▶ [Description of the task]: Look through the entries below and count the lines with the word "image" in them; give only the number.
Raw data START
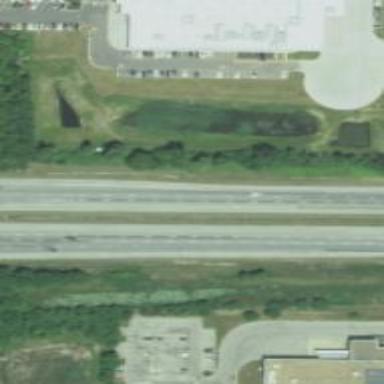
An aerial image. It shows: Motorway junction.
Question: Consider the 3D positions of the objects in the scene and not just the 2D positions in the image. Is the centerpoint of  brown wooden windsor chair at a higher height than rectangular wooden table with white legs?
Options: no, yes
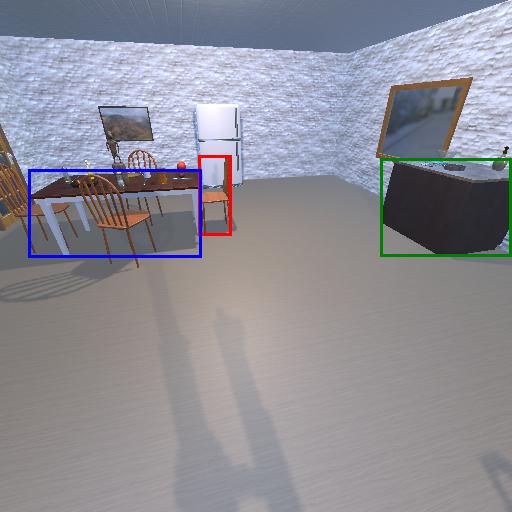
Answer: no
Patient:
Raw data END
▶ [Task result]: 2